Check every line of the data below for the string "black", and copy the ones that hold it.
----------
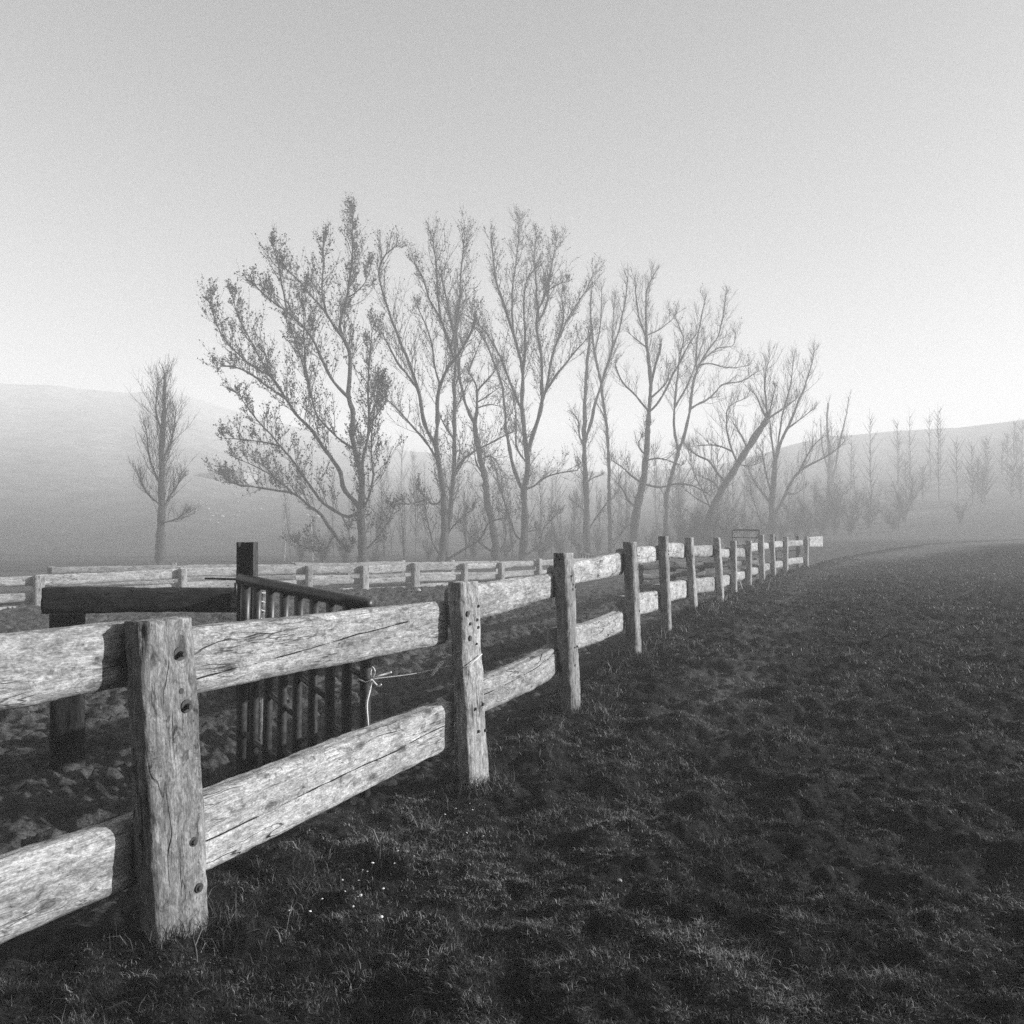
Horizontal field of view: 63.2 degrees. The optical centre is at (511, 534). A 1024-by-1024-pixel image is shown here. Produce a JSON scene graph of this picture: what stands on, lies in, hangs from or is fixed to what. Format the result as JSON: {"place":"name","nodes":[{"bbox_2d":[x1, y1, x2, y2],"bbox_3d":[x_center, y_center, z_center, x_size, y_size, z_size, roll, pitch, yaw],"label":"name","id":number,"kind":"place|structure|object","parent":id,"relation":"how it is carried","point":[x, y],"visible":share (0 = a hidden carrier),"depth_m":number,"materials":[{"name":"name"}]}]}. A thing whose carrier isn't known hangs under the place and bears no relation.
{"place":"outdoors","nodes":[
{"label":"outdoors","id":0,"kind":"place"},
{"bbox_2d":[0,522,1023,1023],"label":"ground","id":1,"kind":"structure","parent":0,"point":[40,800],"depth_m":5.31,"materials":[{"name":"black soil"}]},
{"bbox_2d":[41,586,235,770],"bbox_3d":[-2.947,1.288,6.711,1.470,1.776,0.285,0,0,-20],"label":"dark sleeper fence","id":2,"kind":"object","parent":1,"relation":"on","point":[66,606],"visible":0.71,"depth_m":6.51,"materials":[{"name":"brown wood"}]},
{"bbox_2d":[124,349,208,564],"bbox_3d":[-21.756,-4.729,52.368,5.564,13.776,4.161,0,0,39],"label":"bare tree","id":3,"kind":"object","parent":1,"relation":"on","point":[160,550],"visible":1,"depth_m":52.26,"materials":[{"name":"grey plant"}]},
{"bbox_2d":[236,542,257,774],"bbox_3d":[-2.020,1.144,6.350,0.127,2.181,0.120,0,0,0],"label":"steel post","id":4,"kind":"object","parent":1,"relation":"on","point":[246,558],"visible":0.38,"depth_m":6.35,"materials":[{"name":"black metal"}]},
{"bbox_2d":[258,590,265,762],"bbox_3d":[-2.062,1.272,6.749,0.185,1.731,0.150,0,0,0],"label":"gate stub post","id":5,"kind":"object","parent":1,"relation":"on","point":[260,725],"visible":0.08,"depth_m":6.68,"materials":[{"name":"grey wood"}]},
{"bbox_2d":[280,489,289,560],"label":"birch sapling","id":6,"kind":"object","parent":1,"relation":"on","point":[284,512],"visible":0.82,"depth_m":56.87,"materials":[{"name":"grey plant"}]},
{"bbox_2d":[279,460,296,558],"bbox_3d":[-16.161,-1.810,59.917,1.153,7.581,0.947,0,0,22],"label":"sapling","id":7,"kind":"object","parent":1,"relation":"on","point":[286,514],"visible":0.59,"depth_m":59.91,"materials":[{"name":"grey plant"}]},
{"bbox_2d":[205,574,375,798],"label":"tube gate","id":8,"kind":"structure","parent":1,"relation":"on","point":[298,592],"depth_m":5.78,"materials":[{"name":"metal"}]},
{"bbox_2d":[0,558,587,609],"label":"paddock fence","id":9,"kind":"object","parent":1,"relation":"on","point":[37,583],"visible":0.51,"depth_m":27.72,"materials":[{"name":"grey wood"}]},
{"bbox_2d":[286,533,306,561],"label":"thicket bush","id":10,"kind":"object","parent":1,"relation":"on","point":[301,554],"visible":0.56,"depth_m":56.04,"materials":[{"name":"grey plant"}]},
{"bbox_2d":[47,559,552,586],"bbox_3d":[-5.578,1.825,35.562,25.151,1.660,2.015,0,0,-41],"label":"paddock fence","id":11,"kind":"object","parent":1,"relation":"on","point":[72,570],"visible":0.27,"depth_m":30.77,"materials":[{"name":"grey wood"}]},
{"bbox_2d":[196,192,407,561],"bbox_3d":[-11.933,-9.033,46.679,11.233,22.447,13.552,0,0,-16],"label":"poplar tree","id":12,"kind":"object","parent":1,"relation":"on","point":[360,505],"visible":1,"depth_m":45.57,"materials":[{"name":"grey plant"}]},
{"bbox_2d":[308,498,314,559],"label":"birch sapling","id":13,"kind":"object","parent":1,"relation":"on","point":[311,528],"visible":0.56,"depth_m":58.01,"materials":[{"name":"grey plant"}]},
{"bbox_2d":[309,496,318,554],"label":"sapling","id":14,"kind":"object","parent":1,"relation":"on","point":[313,526],"visible":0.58,"depth_m":71.98,"materials":[{"name":"grey plant"}]},
{"bbox_2d":[310,530,340,562],"bbox_3d":[-12.434,0.772,54.072,2.333,2.502,2.989,0,0,-33],"label":"thicket bush","id":15,"kind":"object","parent":1,"relation":"on","point":[321,555],"visible":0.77,"depth_m":53.85,"materials":[{"name":"grey plant"}]},
{"bbox_2d":[326,469,338,556],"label":"sapling","id":16,"kind":"object","parent":1,"relation":"on","point":[332,517],"visible":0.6,"depth_m":66.16,"materials":[{"name":"grey plant"}]},
{"bbox_2d":[326,533,354,562],"bbox_3d":[-10.186,0.884,50.178,1.792,2.304,1.473,0,0,3],"label":"thicket bush","id":17,"kind":"object","parent":1,"relation":"on","point":[344,557],"visible":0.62,"depth_m":50.02,"materials":[{"name":"grey plant"}]},
{"bbox_2d":[370,506,381,556],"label":"sapling","id":18,"kind":"object","parent":1,"relation":"on","point":[378,508],"visible":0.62,"depth_m":65.95,"materials":[{"name":"grey plant"}]},
{"bbox_2d":[367,539,389,561],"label":"thicket bush","id":19,"kind":"object","parent":1,"relation":"on","point":[374,555],"visible":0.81,"depth_m":48.99,"materials":[{"name":"grey plant"}]},
{"bbox_2d":[377,478,391,558],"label":"sapling","id":20,"kind":"object","parent":1,"relation":"on","point":[383,542],"visible":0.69,"depth_m":61.96,"materials":[{"name":"grey plant"}]},
{"bbox_2d":[382,473,400,555],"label":"sapling","id":21,"kind":"object","parent":1,"relation":"on","point":[391,542],"visible":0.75,"depth_m":69.95,"materials":[{"name":"grey plant"}]},
{"bbox_2d":[397,497,409,559],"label":"sapling","id":22,"kind":"object","parent":1,"relation":"on","point":[403,536],"visible":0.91,"depth_m":58.03,"materials":[{"name":"grey plant"}]},
{"bbox_2d":[0,534,822,944],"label":"timber fence","id":23,"kind":"object","parent":1,"relation":"on","point":[170,838],"visible":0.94,"depth_m":4.01,"materials":[{"name":"grey wood"}]},
{"bbox_2d":[359,654,481,725],"bbox_3d":[-0.574,1.031,5.435,0.825,0.459,0.131,0,0,-18],"label":"twine","id":24,"kind":"object","parent":23,"relation":"attached to","point":[436,669],"visible":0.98,"depth_m":5.36,"materials":[{"name":"grey fabric"}]},
{"bbox_2d":[408,452,422,554],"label":"sapling","id":25,"kind":"object","parent":1,"relation":"on","point":[415,528],"visible":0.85,"depth_m":71.81,"materials":[{"name":"grey plant"}]},
{"bbox_2d":[418,462,428,546],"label":"sapling","id":26,"kind":"object","parent":1,"relation":"on","point":[428,496],"visible":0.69,"depth_m":78.47,"materials":[{"name":"grey plant"}]},
{"bbox_2d":[360,205,488,561],"bbox_3d":[-5.258,-9.133,50.514,8.306,22.510,6.183,0,0,0],"label":"poplar tree","id":27,"kind":"object","parent":1,"relation":"on","point":[443,511],"visible":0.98,"depth_m":50.72,"materials":[{"name":"grey plant"}]},
{"bbox_2d":[414,534,438,558],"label":"thicket bush","id":28,"kind":"object","parent":1,"relation":"on","point":[425,548],"visible":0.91,"depth_m":60.09,"materials":[{"name":"grey plant"}]},
{"bbox_2d":[461,469,471,557],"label":"sapling","id":29,"kind":"object","parent":1,"relation":"on","point":[464,524],"visible":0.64,"depth_m":61.98,"materials":[{"name":"grey plant"}]},
{"bbox_2d":[465,462,481,544],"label":"sapling","id":30,"kind":"object","parent":1,"relation":"on","point":[472,503],"visible":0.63,"depth_m":73.66,"materials":[{"name":"grey plant"}]},
{"bbox_2d":[461,532,487,558],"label":"thicket bush","id":31,"kind":"object","parent":1,"relation":"on","point":[472,549],"visible":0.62,"depth_m":60.94,"materials":[{"name":"grey plant"}]},
{"bbox_2d":[426,256,529,561],"bbox_3d":[-2.209,-7.926,54.370,7.147,20.015,6.245,0,0,0],"label":"poplar tree","id":32,"kind":"object","parent":1,"relation":"on","point":[454,410],"visible":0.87,"depth_m":54.40,"materials":[{"name":"grey plant"}]},
{"bbox_2d":[436,304,522,560],"bbox_3d":[-2.246,-7.015,56.979,6.390,18.198,4.404,0,0,0],"label":"poplar tree","id":33,"kind":"object","parent":1,"relation":"on","point":[495,550],"visible":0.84,"depth_m":57.12,"materials":[{"name":"grey plant"}]},
{"bbox_2d":[500,532,518,557],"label":"thicket bush","id":34,"kind":"object","parent":1,"relation":"on","point":[506,552],"visible":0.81,"depth_m":61.98,"materials":[{"name":"grey plant"}]},
{"bbox_2d":[507,487,516,555],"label":"sapling","id":35,"kind":"object","parent":1,"relation":"on","point":[509,524],"visible":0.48,"depth_m":65.89,"materials":[{"name":"grey plant"}]},
{"bbox_2d":[448,204,610,559],"bbox_3d":[1.036,-11.435,58.687,11.146,26.933,8.704,0,0,0],"label":"poplar tree","id":36,"kind":"object","parent":1,"relation":"on","point":[525,516],"visible":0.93,"depth_m":57.64,"materials":[{"name":"grey plant"}]},
{"bbox_2d":[534,454,546,549],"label":"sapling","id":37,"kind":"object","parent":1,"relation":"on","point":[540,502],"visible":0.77,"depth_m":63.67,"materials":[{"name":"grey plant"}]},
{"bbox_2d":[529,524,562,557],"bbox_3d":[2.406,0.504,60.114,2.651,2.816,3.849,0,0,-18],"label":"thicket bush","id":38,"kind":"object","parent":1,"relation":"on","point":[544,546],"visible":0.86,"depth_m":59.90,"materials":[{"name":"grey plant"}]},
{"bbox_2d":[547,478,555,554],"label":"sapling","id":39,"kind":"object","parent":1,"relation":"on","point":[552,498],"visible":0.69,"depth_m":69.99,"materials":[{"name":"grey plant"}]},
{"bbox_2d":[545,521,575,552],"bbox_3d":[3.696,0.354,62.154,2.995,3.128,2.337,0,0,-17],"label":"thicket bush","id":40,"kind":"object","parent":1,"relation":"on","point":[558,548],"visible":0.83,"depth_m":61.87,"materials":[{"name":"grey plant"}]},
{"bbox_2d":[557,485,567,546],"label":"sapling","id":41,"kind":"object","parent":1,"relation":"on","point":[561,528],"visible":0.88,"depth_m":60.00,"materials":[{"name":"grey plant"}]},
{"bbox_2d":[566,488,577,550],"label":"sapling","id":42,"kind":"object","parent":1,"relation":"on","point":[573,512],"visible":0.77,"depth_m":79.91,"materials":[{"name":"grey plant"}]},
{"bbox_2d":[564,518,583,553],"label":"thicket bush","id":43,"kind":"object","parent":1,"relation":"on","point":[578,546],"visible":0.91,"depth_m":69.76,"materials":[{"name":"grey plant"}]},
{"bbox_2d":[575,486,583,542],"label":"sapling","id":44,"kind":"object","parent":1,"relation":"on","point":[580,517],"visible":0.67,"depth_m":74.17,"materials":[{"name":"grey plant"}]},
{"bbox_2d":[578,553,593,558],"bbox_3d":[4.022,1.683,44.942,0.586,1.480,2.129,0,0,40],"label":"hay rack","id":45,"kind":"object","parent":1,"relation":"on","point":[584,554],"visible":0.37,"depth_m":44.37,"materials":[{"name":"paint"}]},
{"bbox_2d":[590,525,606,552],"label":"thicket bush","id":46,"kind":"object","parent":1,"relation":"on","point":[598,543],"visible":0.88,"depth_m":73.96,"materials":[{"name":"grey plant"}]},
{"bbox_2d":[595,478,603,541],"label":"sapling","id":47,"kind":"object","parent":1,"relation":"on","point":[598,526],"visible":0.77,"depth_m":79.95,"materials":[{"name":"grey plant"}]},
{"bbox_2d":[564,261,635,553],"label":"poplar tree","id":48,"kind":"object","parent":1,"relation":"on","point":[586,535],"visible":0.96,"depth_m":67.83,"materials":[{"name":"grey plant"}]},
{"bbox_2d":[579,274,633,552],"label":"poplar tree","id":49,"kind":"object","parent":1,"relation":"on","point":[609,470],"visible":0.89,"depth_m":72.15,"materials":[{"name":"grey plant"}]},
{"bbox_2d":[614,491,628,547],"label":"sapling","id":50,"kind":"object","parent":1,"relation":"on","point":[621,521],"visible":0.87,"depth_m":65.77,"materials":[{"name":"grey plant"}]},
{"bbox_2d":[624,488,632,537],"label":"sapling","id":51,"kind":"object","parent":1,"relation":"on","point":[629,506],"visible":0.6,"depth_m":82.09,"materials":[{"name":"grey plant"}]},
{"bbox_2d":[616,526,645,541],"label":"thicket bush","id":52,"kind":"object","parent":1,"relation":"on","point":[628,539],"visible":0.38,"depth_m":67.77,"materials":[{"name":"grey plant"}]},
{"bbox_2d":[641,521,660,545],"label":"thicket bush","id":53,"kind":"object","parent":1,"relation":"on","point":[651,540],"visible":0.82,"depth_m":68.13,"materials":[{"name":"grey plant"}]},
{"bbox_2d":[653,469,663,543],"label":"sapling","id":54,"kind":"object","parent":1,"relation":"on","point":[658,509],"visible":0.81,"depth_m":73.95,"materials":[{"name":"grey plant"}]},
{"bbox_2d":[603,257,725,552],"bbox_3d":[11.463,-10.276,64.301,9.317,24.306,6.850,0,0,0],"label":"poplar tree","id":55,"kind":"object","parent":1,"relation":"on","point":[636,511],"visible":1,"depth_m":62.84,"materials":[{"name":"grey plant"}]},
{"bbox_2d":[652,519,685,542],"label":"thicket bush","id":56,"kind":"object","parent":1,"relation":"on","point":[670,539],"visible":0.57,"depth_m":63.80,"materials":[{"name":"grey plant"}]},
{"bbox_2d":[675,477,683,542],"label":"sapling","id":57,"kind":"object","parent":1,"relation":"on","point":[679,507],"visible":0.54,"depth_m":77.97,"materials":[{"name":"grey plant"}]},
{"bbox_2d":[668,507,700,543],"bbox_3d":[13.025,-0.284,61.827,2.743,3.909,3.515,0,0,-5],"label":"thicket bush","id":58,"kind":"object","parent":1,"relation":"on","point":[682,535],"visible":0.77,"depth_m":61.99,"materials":[{"name":"grey plant"}]},
{"bbox_2d":[666,497,714,544],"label":"thicket bush","id":59,"kind":"object","parent":1,"relation":"on","point":[694,535],"visible":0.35,"depth_m":66.27,"materials":[{"name":"grey plant"}]},
{"bbox_2d":[686,461,703,519],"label":"sapling","id":60,"kind":"object","parent":1,"relation":"on","point":[698,496],"visible":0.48,"depth_m":83.87,"materials":[{"name":"grey plant"}]},
{"bbox_2d":[638,558,758,595],"bbox_3d":[6.311,1.414,26.939,5.157,1.260,0.777,0,0,-29],"label":"fence","id":61,"kind":"object","parent":1,"relation":"on","point":[701,566],"visible":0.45,"depth_m":26.35,"materials":[{"name":"grey wood"}]},
{"bbox_2d":[688,502,723,545],"bbox_3d":[13.918,-0.576,60.106,2.602,4.442,3.165,0,0,36],"label":"thicket bush","id":62,"kind":"object","parent":1,"relation":"on","point":[701,538],"visible":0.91,"depth_m":59.93,"materials":[{"name":"grey plant"}]},
{"bbox_2d":[672,490,742,542],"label":"thicket bush","id":63,"kind":"object","parent":1,"relation":"on","point":[683,508],"visible":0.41,"depth_m":67.21,"materials":[{"name":"grey plant"}]},
{"bbox_2d":[651,283,770,541],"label":"poplar tree","id":64,"kind":"object","parent":1,"relation":"on","point":[696,358],"visible":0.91,"depth_m":71.39,"materials":[{"name":"grey plant"}]},
{"bbox_2d":[688,496,749,544],"bbox_3d":[15.104,-0.668,61.283,3.278,4.380,4.759,0,0,-40],"label":"thicket bush","id":65,"kind":"object","parent":1,"relation":"on","point":[723,529],"visible":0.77,"depth_m":60.80,"materials":[{"name":"grey plant"}]},
{"bbox_2d":[722,475,732,530],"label":"sapling","id":66,"kind":"object","parent":1,"relation":"on","point":[728,492],"visible":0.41,"depth_m":86.04,"materials":[{"name":"grey plant"}]},
{"bbox_2d":[710,507,748,548],"bbox_3d":[16.509,-0.571,62.769,3.183,3.753,4.079,0,0,6],"label":"thicket bush","id":67,"kind":"object","parent":1,"relation":"on","point":[728,538],"visible":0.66,"depth_m":62.98,"materials":[{"name":"grey plant"}]},
{"bbox_2d":[676,339,799,544],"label":"willow tree","id":68,"kind":"object","parent":1,"relation":"on","point":[743,454],"visible":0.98,"depth_m":66.55,"materials":[{"name":"grey plant"}]},
{"bbox_2d":[740,474,747,523],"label":"sapling","id":69,"kind":"object","parent":1,"relation":"on","point":[745,498],"visible":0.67,"depth_m":79.96,"materials":[{"name":"grey plant"}]},
{"bbox_2d":[729,512,762,543],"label":"thicket bush","id":70,"kind":"object","parent":1,"relation":"on","point":[744,533],"visible":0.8,"depth_m":67.81,"materials":[{"name":"grey plant"}]},
{"bbox_2d":[732,529,760,560],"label":"field gate","id":71,"kind":"structure","parent":1,"relation":"on","point":[733,533],"depth_m":37.57,"materials":[{"name":"metal"}]},
{"bbox_2d":[748,504,787,538],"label":"thicket bush","id":72,"kind":"object","parent":1,"relation":"on","point":[763,525],"visible":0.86,"depth_m":71.76,"materials":[{"name":"grey plant"}]},
{"bbox_2d":[763,508,806,539],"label":"thicket bush","id":73,"kind":"object","parent":1,"relation":"on","point":[784,529],"visible":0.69,"depth_m":73.98,"materials":[{"name":"grey plant"}]},
{"bbox_2d":[775,536,799,572],"bbox_3d":[11.993,0.840,36.187,1.315,1.575,0.185,0,0,-22],"label":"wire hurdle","id":74,"kind":"object","parent":1,"relation":"on","point":[797,550],"visible":0.45,"depth_m":36.31,"materials":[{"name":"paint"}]},
{"bbox_2d":[778,499,813,538],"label":"thicket bush","id":75,"kind":"object","parent":1,"relation":"on","point":[796,532],"visible":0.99,"depth_m":71.95,"materials":[{"name":"grey plant"}]},
{"bbox_2d":[742,335,854,539],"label":"willow tree","id":76,"kind":"object","parent":1,"relation":"on","point":[771,498],"visible":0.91,"depth_m":73.61,"materials":[{"name":"grey plant"}]},
{"bbox_2d":[775,489,822,535],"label":"thicket bush","id":77,"kind":"object","parent":1,"relation":"on","point":[807,530],"visible":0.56,"depth_m":78.04,"materials":[{"name":"grey plant"}]},
{"bbox_2d":[811,475,819,521],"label":"sapling","id":78,"kind":"object","parent":1,"relation":"on","point":[814,493],"visible":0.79,"depth_m":87.83,"materials":[{"name":"grey plant"}]},
{"bbox_2d":[790,490,855,536],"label":"thicket bush","id":79,"kind":"object","parent":1,"relation":"on","point":[822,528],"visible":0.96,"depth_m":75.65,"materials":[{"name":"grey plant"}]},
{"bbox_2d":[815,481,857,532],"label":"thicket bush","id":80,"kind":"object","parent":1,"relation":"on","point":[834,525],"visible":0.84,"depth_m":79.73,"materials":[{"name":"grey plant"}]},
{"bbox_2d":[829,487,871,533],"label":"thicket bush","id":81,"kind":"object","parent":1,"relation":"on","point":[850,525],"visible":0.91,"depth_m":78.10,"materials":[{"name":"grey plant"}]},
{"bbox_2d":[848,485,892,527],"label":"thicket bush","id":82,"kind":"object","parent":1,"relation":"on","point":[869,514],"visible":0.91,"depth_m":83.71,"materials":[{"name":"grey plant"}]},
{"bbox_2d":[873,500,904,531],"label":"thicket bush","id":83,"kind":"object","parent":1,"relation":"on","point":[892,525],"visible":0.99,"depth_m":78.87,"materials":[{"name":"grey plant"}]},
{"bbox_2d":[896,484,903,525],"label":"sapling","id":84,"kind":"object","parent":1,"relation":"on","point":[900,499],"visible":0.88,"depth_m":83.84,"materials":[{"name":"grey plant"}]},
{"bbox_2d":[949,499,970,522],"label":"thicket bush","id":85,"kind":"object","parent":1,"relation":"on","point":[961,515],"visible":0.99,"depth_m":83.94,"materials":[{"name":"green plant"}]},
{"bbox_2d":[0,383,1023,539],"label":"hills","id":86,"kind":"structure","parent":0,"point":[65,465],"depth_m":141.94,"materials":[{"name":"grey"}]},
{"bbox_2d":[208,470,257,484],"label":"farm shed","id":87,"kind":"structure","parent":86,"relation":"on","point":[250,479],"depth_m":132.62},
{"bbox_2d":[368,407,1023,544],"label":"wood","id":88,"kind":"object","parent":86,"relation":"on","point":[983,490],"visible":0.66,"depth_m":111.23,"materials":[{"name":"grey plant"}]},
{"bbox_2d":[781,459,794,519],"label":"sapling","id":89,"kind":"object","parent":86,"relation":"on","point":[789,491],"visible":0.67,"depth_m":91.98,"materials":[{"name":"grey plant"}]},
{"bbox_2d":[799,453,809,507],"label":"sapling","id":90,"kind":"object","parent":86,"relation":"on","point":[803,487],"visible":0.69,"depth_m":95.73,"materials":[{"name":"grey plant"}]},
{"bbox_2d":[807,473,856,523],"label":"thicket bush","id":91,"kind":"object","parent":86,"relation":"on","point":[824,502],"visible":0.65,"depth_m":89.40,"materials":[{"name":"grey plant"}]},
{"bbox_2d":[816,390,851,503],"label":"bare tree","id":92,"kind":"object","parent":86,"relation":"on","point":[828,465],"visible":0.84,"depth_m":111.60,"materials":[{"name":"grey plant"}]},
{"bbox_2d":[847,461,861,516],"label":"sapling","id":93,"kind":"object","parent":86,"relation":"on","point":[854,486],"visible":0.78,"depth_m":92.05,"materials":[{"name":"grey plant"}]},
{"bbox_2d":[878,471,932,521],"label":"thicket bush","id":94,"kind":"object","parent":86,"relation":"on","point":[905,511],"visible":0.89,"depth_m":87.57,"materials":[{"name":"grey plant"}]},
{"bbox_2d":[0,0,1023,471],"label":"sky","id":95,"kind":"structure","parent":0,"point":[853,169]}
]}
----------
→ **ANSWER BELOW**
{"bbox_2d":[0,522,1023,1023],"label":"ground","id":1,"kind":"structure","parent":0,"point":[40,800],"depth_m":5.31,"materials":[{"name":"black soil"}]},
{"bbox_2d":[236,542,257,774],"bbox_3d":[-2.020,1.144,6.350,0.127,2.181,0.120,0,0,0],"label":"steel post","id":4,"kind":"object","parent":1,"relation":"on","point":[246,558],"visible":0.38,"depth_m":6.35,"materials":[{"name":"black metal"}]},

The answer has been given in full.